FIG. 2 is a field strength diagram of an exemplary target base station in the prior art;

fig. 3 is a first flowchart of a method for determining an antenna direction angle according to an embodiment of the present invention;

fig. 4 is a second flowchart of a method for determining an antenna direction angle according to an embodiment of the present invention;

fig. 5 is a first schematic diagram illustrating an exemplary antenna direction angle provided by an embodiment of the present invention;

fig. 6 is a flowchart of a method for determining an antenna direction angle according to an embodiment of the present invention;

fig. 7 is a second schematic diagram of an exemplary antenna direction angle according to an embodiment of the present invention;

fig. 8 is a fourth flowchart of a method for determining an antenna direction angle according to an embodiment of the present invention;

fig. 9 is a third schematic diagram of an exemplary antenna direction angle provided by an embodiment of the present invention;

fig. 10 is a flowchart of a method for determining an antenna direction angle according to an embodiment of the present invention;

fig. 11 is a first schematic structural diagram of an apparatus for determining an antenna direction angle according to an embodiment of the present invention;

fig. 12 is a second schematic structural diagram of an apparatus for determining an antenna direction angle according to an embodiment of the present invention;

fig. 13 is a third schematic structural diagram of an apparatus for determining an antenna direction angle according to an embodiment of the present invention;

fig. 14 is a fourth schematic structural diagram of an apparatus for determining an antenna direction angle according to an embodiment of the present invention.

Detailed Description

The technical solution in the embodiments of the present invention will be clearly and completely described below with reference to the accompanying drawings in the embodiments of the present invention.

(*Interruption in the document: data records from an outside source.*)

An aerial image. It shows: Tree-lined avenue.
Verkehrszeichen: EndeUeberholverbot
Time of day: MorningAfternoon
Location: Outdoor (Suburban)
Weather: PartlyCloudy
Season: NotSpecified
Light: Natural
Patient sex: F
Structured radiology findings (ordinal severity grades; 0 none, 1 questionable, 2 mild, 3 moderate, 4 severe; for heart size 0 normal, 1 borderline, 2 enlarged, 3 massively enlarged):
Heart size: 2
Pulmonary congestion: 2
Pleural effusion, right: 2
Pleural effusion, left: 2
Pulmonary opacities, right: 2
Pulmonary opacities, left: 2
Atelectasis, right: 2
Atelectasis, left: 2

It should be noted that the device for determining the antenna direction angle in the embodiment of the present invention may be an independent device that can communicate with the base station and the network side, or may be a module integrated in a network-side device to determine the antenna direction angle.

Example one

An embodiment of the present invention provides a method for determining an antenna direction angle, which is described by taking the apparatus for determining an antenna direction angle as a network side as an example, and as shown in fig. 3, the method may include:

s101, in a first area, counting the number of sampling points at each angle and the signal strength of each sampling point according to antenna frequency sweep data of an angle level, wherein the antenna frequency sweep data are obtained by scanning the first area.

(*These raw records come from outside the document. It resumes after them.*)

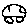
Label: car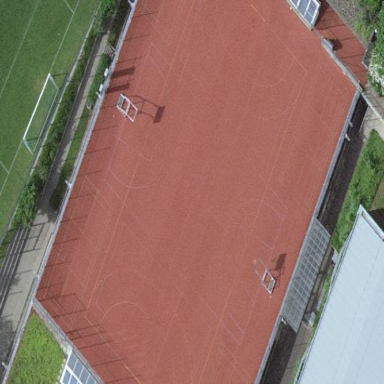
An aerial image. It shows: Multi-sport pitch with tartan surface.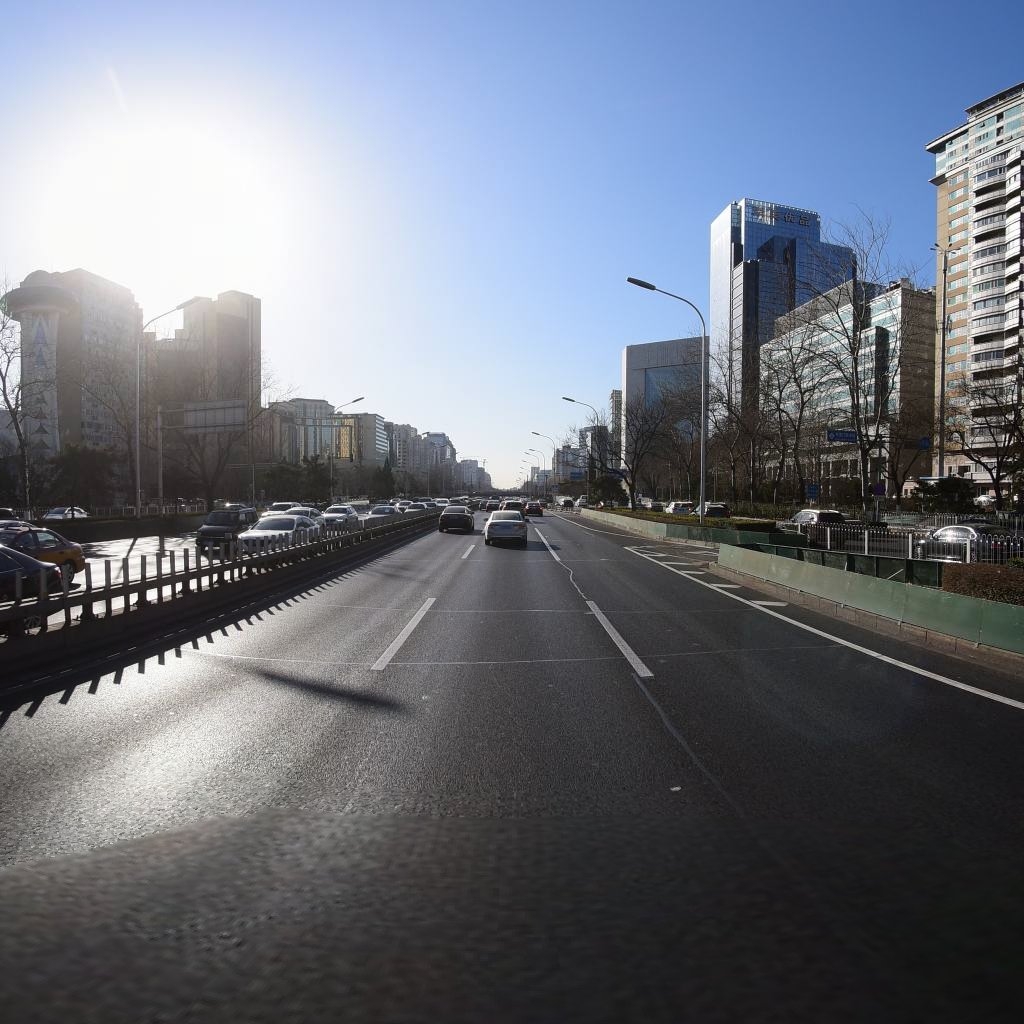
Region: Dongcheng
Road damage annotations: transverse patch, longitudinal patch, longitudinal patch, transverse patch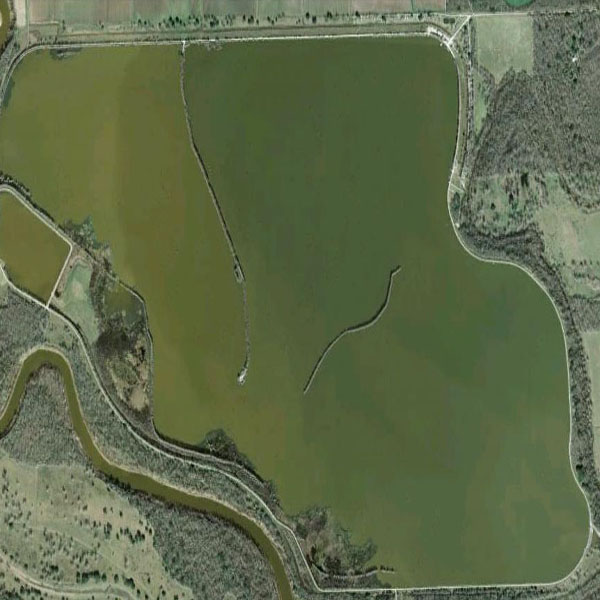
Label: Pond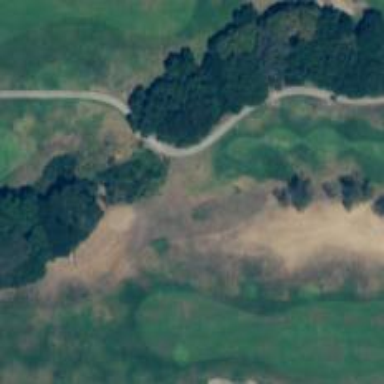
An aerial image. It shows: Footway on the golf path at Eagle Vines Golf Course.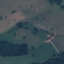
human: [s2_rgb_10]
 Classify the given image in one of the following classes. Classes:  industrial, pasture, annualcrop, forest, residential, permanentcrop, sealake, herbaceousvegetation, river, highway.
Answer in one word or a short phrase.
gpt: Pasture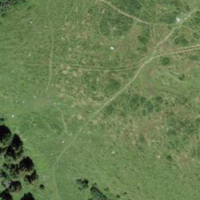
EUNIS habitat code: 23
Species observed at this site:
Rumex obtusifolius
Urtica dioica
Rumex alpinus
Silene dioica
Achillea millefolium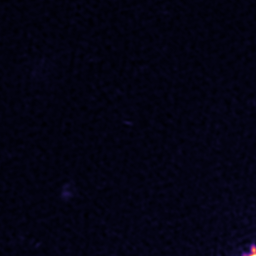
Label: Super-resolution ER image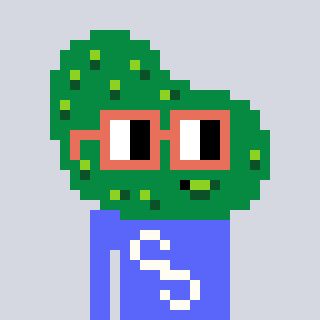
a pixel art character with square orange glasses, a pickle-shaped head and a purple-colored body on a cool background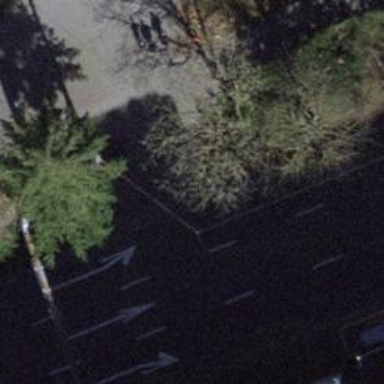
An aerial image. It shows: Bollard.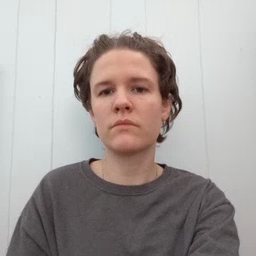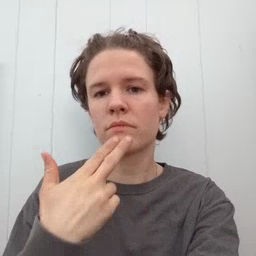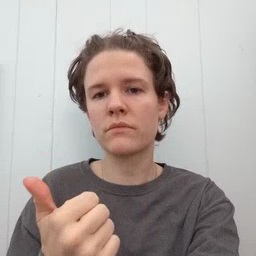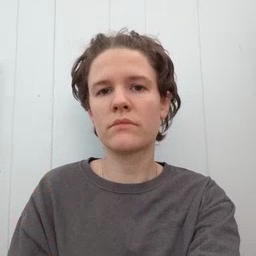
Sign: cute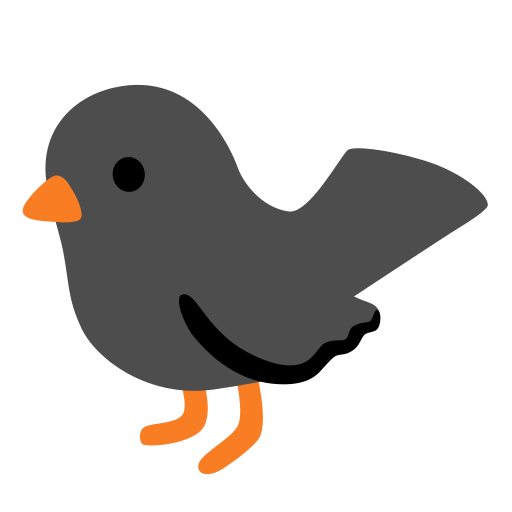
Emoji: 🐦‍⬛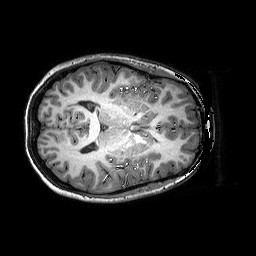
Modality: T1w
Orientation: axial
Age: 19
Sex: female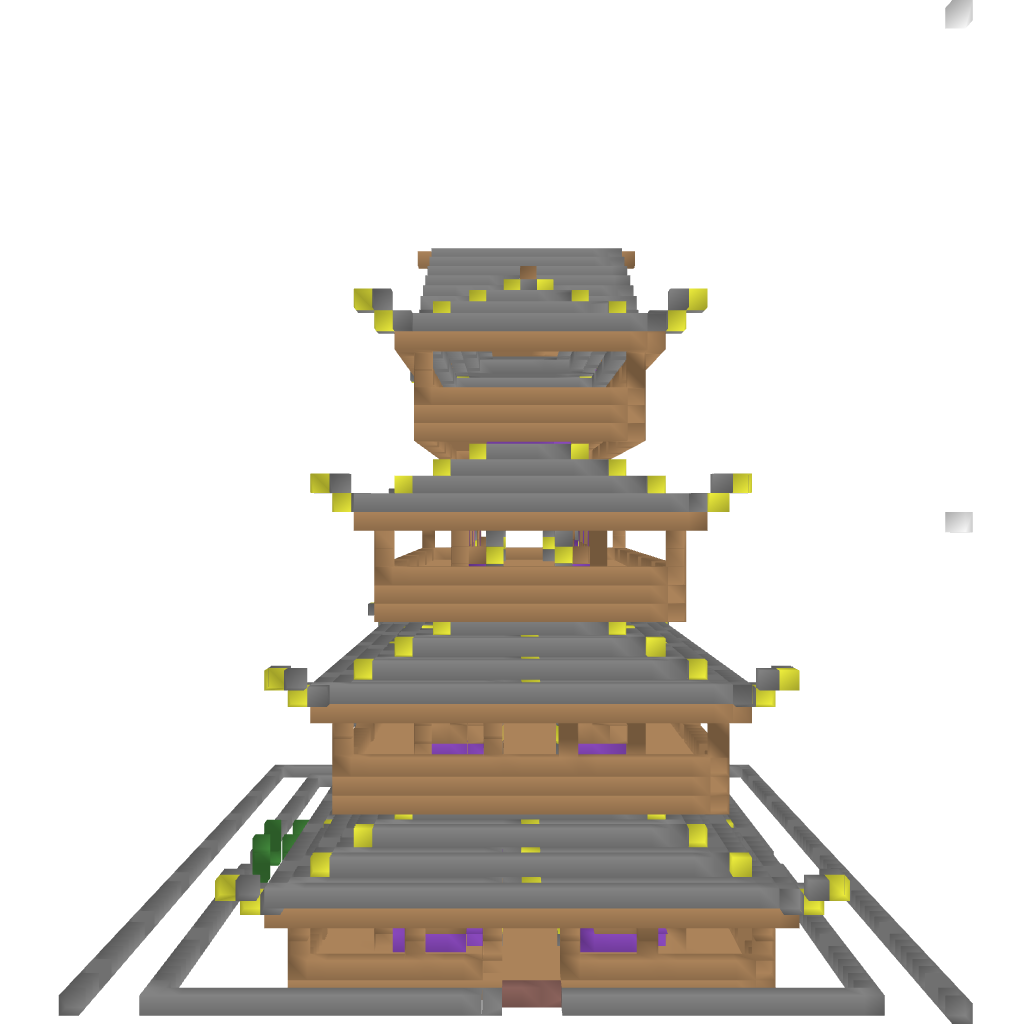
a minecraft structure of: -- The Bagel Pagoda -- a japanese style house with 4 floors made out of wood and stone high quality

In the embodiment of the present invention, because the setting parameter of the antenna direction angle in the existing network is determinable or obtainable, after the antenna is installed, the network side checks or determines the installed actual antenna direction angle to determine the error between the actual antenna direction angle and the desired antenna direction angle in the existing network. The determination of the antenna direction angle provided by the embodiment of the invention refers to the determination of the actual antenna direction angle.

In the embodiment of the present invention, the network side determines the antenna direction angle for one area or an area range (first area). That is, in the first area, the network side analyzes the network coverage by determining the antenna direction angle, and the number of terminals or base stations covering the first area in the first area is variable and can be analyzed according to actual situations.

Optionally, the first area is a region range, which may be an area of several kilometers in a square circle or an area of a city, and the specific embodiment of the present invention is not limited.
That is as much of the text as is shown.